Selective Question Answering under Domain Shift
Amita Kamath, Robin Jia, Percy Liang

TL;DR
This paper introduces a method for selective question answering under domain shift, using a calibrator to improve abstention decisions and maintain high accuracy on mixed in-domain and out-of-domain data.
Contribution
It proposes a calibrator-based approach that leverages out-of-domain data to better identify errors, enhancing abstention policies in QA models under domain shift.
Findings
Answers 56% of questions at 80% accuracy
Outperforms probability-based abstention methods
Effective on multiple QA datasets
Abstract
To avoid giving wrong answers, question answering (QA) models need to know when to abstain from answering. Moreover, users often ask questions that diverge from the model's training data, making errors more likely and thus abstention more critical.
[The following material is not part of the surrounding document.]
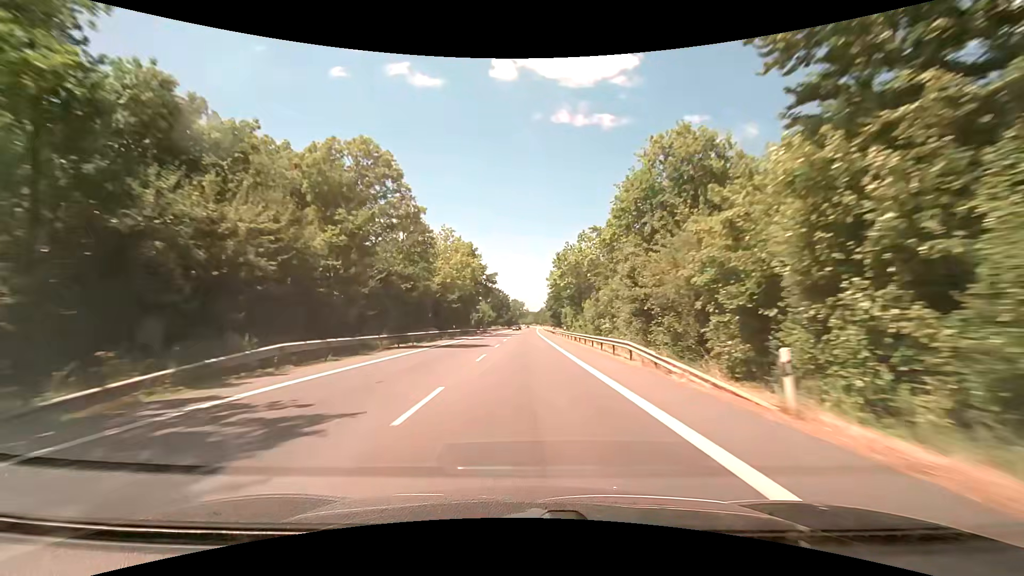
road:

In this work, we propose the setting of selective question answering under domain shift, in which a QA model is tested on a mixture of in-domain and out-of-domain data, and must answer (i.e., not abstain on) as many questions as possible while maintaining high accuracy. Abstention policies based solely on the model's softmax probabilities fare poorly, since models are overconfident on out-of-domain inputs. Instead, we train a calibrator to identify inputs on which the QA model errs, and abstain when it predicts an error is likely. Crucially, the calibrator benefits from observing the model's behavior on out-of-domain data, even if from a…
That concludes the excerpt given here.